Without thinking, I start to walk their way.
‘Alex?’ I ask as I arrive at the alleyway.
His head shoots around to stare at me, and I’ve never seen him look more torn or anguished. He doesn’t speak, but his best man – if that’s who he is – looks
straight at me.
‘We’ll be there in a minute,’ he says firmly, encouraging me to go away.
Alex turns back to him and mutters something and his friend’s face drops off a cliff.
‘What are you doing here?’ the friend asks me in what is barely more than a whisper.
‘I’m photographing the wedding,’ I reply, holding up my camera.
He stares at Alex, incredulous. ‘She’s photographing the wedding?’ he asks in astonishment.

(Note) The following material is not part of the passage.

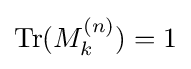
{\rm {Tr}}(M_{k}^{(n)})=1

‘I’m Bronte,’ I tell him, still unsure what’s going on.
‘I
know
who you are.’ The way he says it tells me that he not only knows who I am; he knows
everything.
It’s a sickening realisation, but it’s Alex I care about. He’s shaking.
‘Are you okay?’ I ask him with concern, keeping my distance outside the alleyway. ‘It’s almost midday.’
He nods quickly, but he’s unable to meet my eyes.
‘Just give us a minute, would you?’ the best friend who I’ve never even met says in a tone that is bordering on anger. ‘Why the hell are you even here?’
‘Ed,’ Alex warns sharply, turning to look at him. ‘Maybe you could give
us
a minute?’
‘Mate, what are you doing?’ he asks with genuine distress. He checks his watch. ‘Zara’s going to be here any moment.’
‘Do you think I don’t know that?’ Alex says. ‘Please. Just give us a minute.’
Ed flashes me a hard look as he stalks past me. I quickly check over my shoulder to make sure no one else has exited the church to search for us. Alex doesn’t make any move to come out
from the dark alleyway, so I venture in towards him. His eyes never leave mine.
‘I’m so fucked up,’ he whispers, tears welling up in his eyes.